NORMAL COURSE ISSUER BID
Pursuant to a Notice of Intention to Make a Normal Course Issuer Bid dated June 25, 2015, the Company commenced a normal
course issuer bid (“NCIB”) to purchase up to 12 million common shares of the Company, representing approximately 2.5% of
the public float of common shares outstanding as of June 22, 2015. The purpose of the NCIB is to offset dilution from the
Company’s employee share purchase plan and an amendment to the Company’s equity incentive plan increasing the number of
shares available thereunder, both as approved by the shareholders of the Company on June 23, 2015.
Daily purchases are limited to 578,619 common shares, other than block purchases. The NCIB commenced on June 29, 2015
and will terminate on June 28, 2016 or on such earlier date as the Company may complete its purchases under the NCIB.
On September 24, 2015, the Board authorized an increase in the number of common shares that may be purchased for
cancellation under the NCIB by up to 15 million common shares, subject to regulatory approval. On January 29, 2016 the
Company sought and received regulatory approval from the TSX to increase the maximum number of common shares that may
be repurchased from 12 million common shares to 27 million common shares, or 5.8% of the public float as of June 22, 2015.
The Company also announced that it had entered into an automatic purchase plan with its designated broker to allow for
purchases of up to 2,685,524 common shares in connection with the NCIB.
During the year ended February 29, 2016, the Company repurchased 12,606,978 million common shares at a cost of
approximately $93 million. All common shares repurchased by the Company pursuant to the NCIB have been canceled.
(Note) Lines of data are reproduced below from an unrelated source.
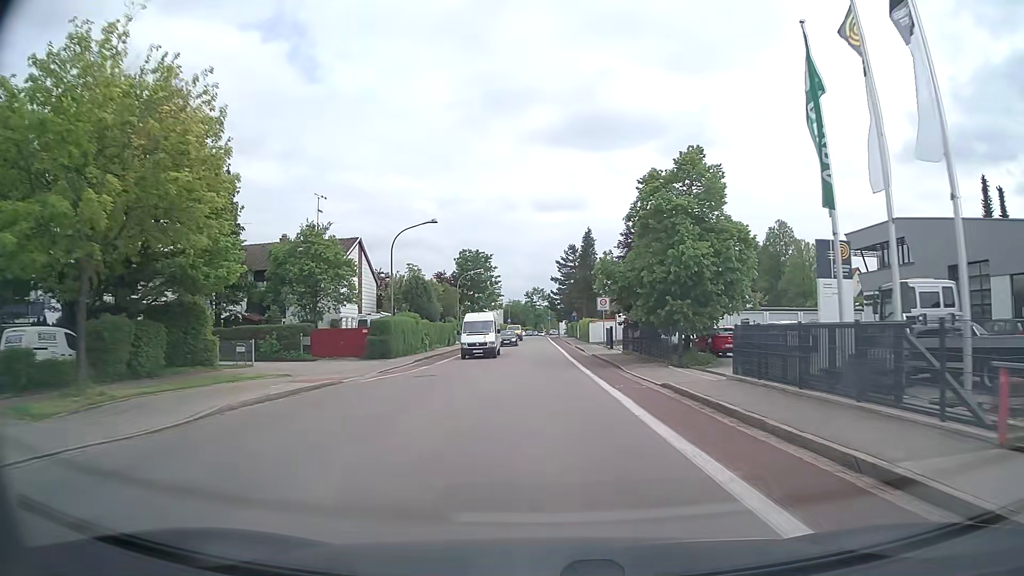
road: tertiary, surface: asphalt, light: Day
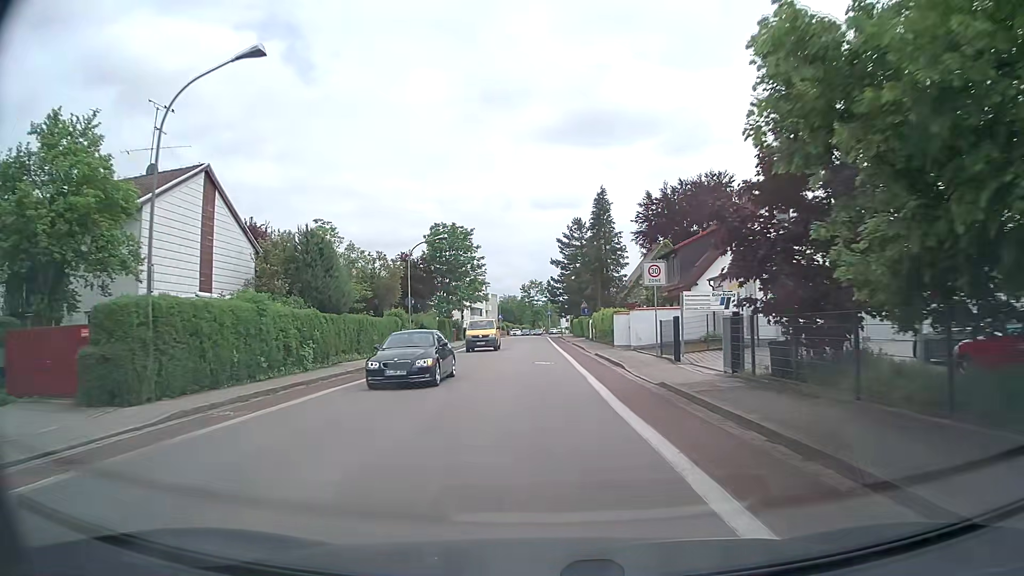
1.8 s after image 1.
(+0.1, +23.2) m; 0°
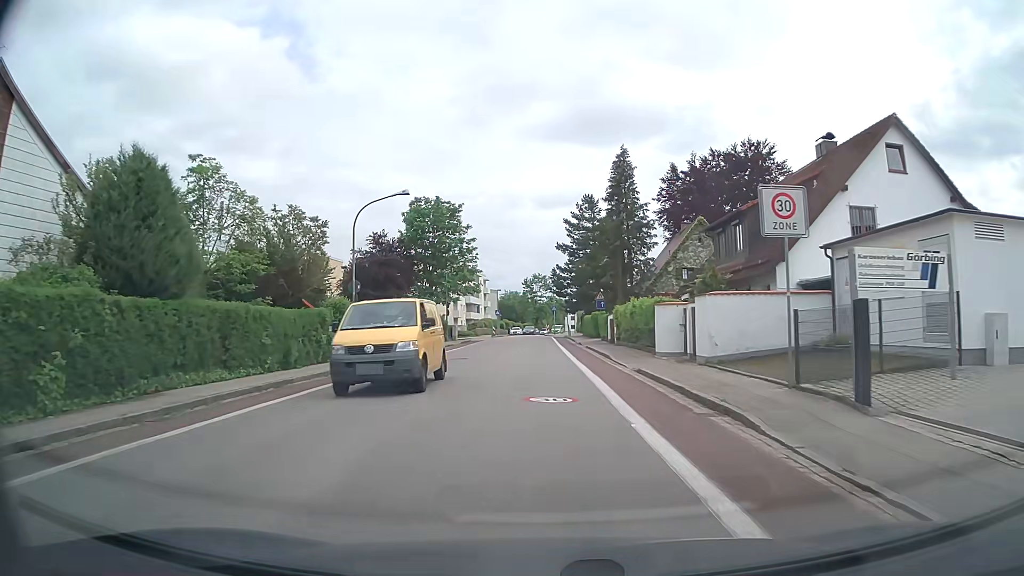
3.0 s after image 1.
(0.0, +13.4) m; 0°
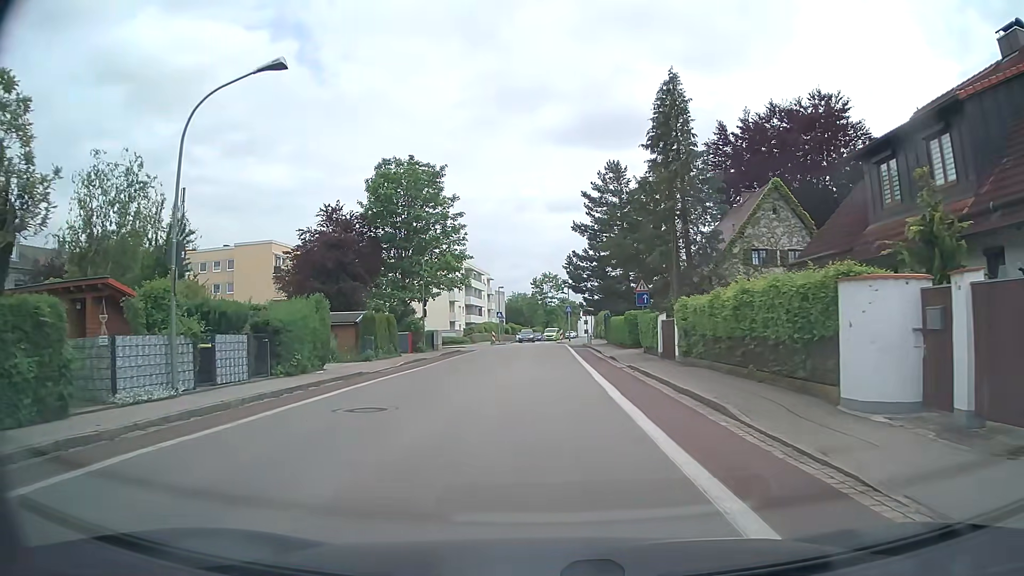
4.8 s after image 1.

The actual number of shares to be purchased and the timing and pricing of any additional purchases under the NCIB will
depend on future market conditions and upon potential alternative uses for cash resources. There is no assurance that any
additional shares will be purchased under the NCIB and the Company may elect to modify, suspend or discontinue the program
at any time without prior notice.
DIRECTORS AND EXECUTIVE OFFICERS
As at the date hereof, the Company currently has a Board comprised of eight persons. Pursuant to a special resolution of
shareholders, the directors are authorized from time to time to increase the size of the Board and to fix the number of directors,
up to the maximum of 15 persons, as currently provided under the articles of the Company, without the prior consent of the
shareholders.
The Board has determined that each member of the Board except Mr. Chen is “independent” under the NASDAQ rules and
applicable securities law requirements.